Beetles: 10 female beetles
  1. Remove elytra and clip wings.
  2. Put each beetle in 0.5 ml 1X PBS
  3. Vortex (or sonicate) and keep/plate solution. That is the surface part of the fungal community.
  4. In hood, separate beetle abdomen, head, and pronotum
  5. If the beetle has mandibular pouches in the head, put the head in 0.5 ml 1X PBS and crush it.
  6. If the beetle has a pronotal/mesonotal mycnagium, remove the metanotum and transfer it in 0.5 ml 1X PBS.
  7. Remove the gut, put in 0.5 ml 1X PBS and crush it. This will be the gut symbionts, not mycangial; expect lots of yeasts.
To release fungal spores, the individual body parts can be crushed, or processed shortly in a bead beater – fill tubes with 500 μl of PBS. 


Dilution plating

  1. Prepare two tubes per each sample, label them “0.1” and “0.01”, fill each with 500 ul of water or PBS.
  2. Suspend mycangium in the tube “0.1” and vortex.

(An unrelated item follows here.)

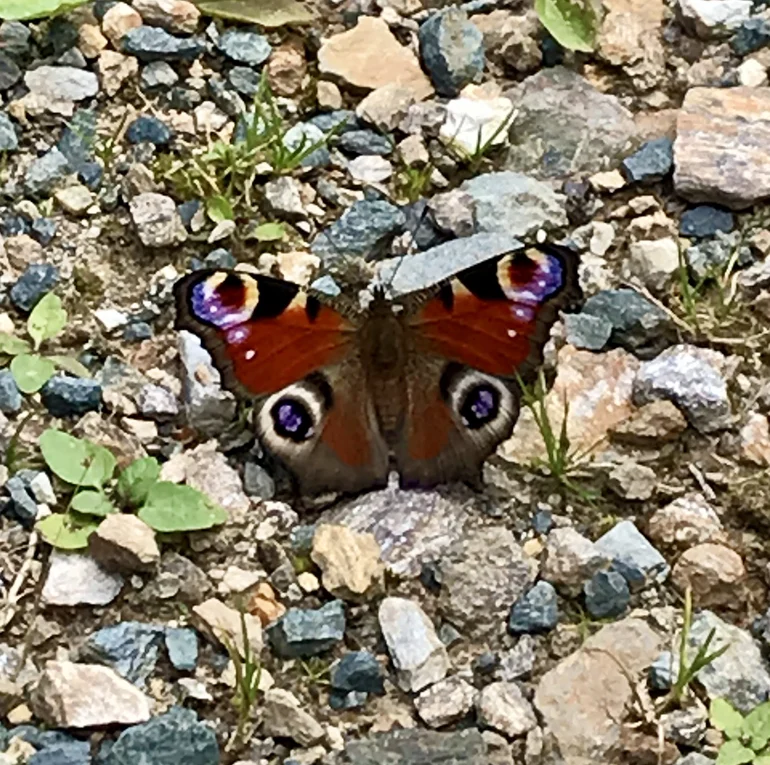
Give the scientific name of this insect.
Aglais io

  3. Plate 50 ul of the suspension on media. Record the plate as “0.1 dilution” in [PLATES].[note] in the Isolations database.
  4. Transfer 50 ul of the initial suspension to the second tube (“0.01”) and vortex.
  5. Plate 50 ul of the second suspension on the second media plate, and record that plate as “0.01 dilution”.
  6. Plate 5 ul of the second suspension on a third plate, and record it as “0.001 dilution”.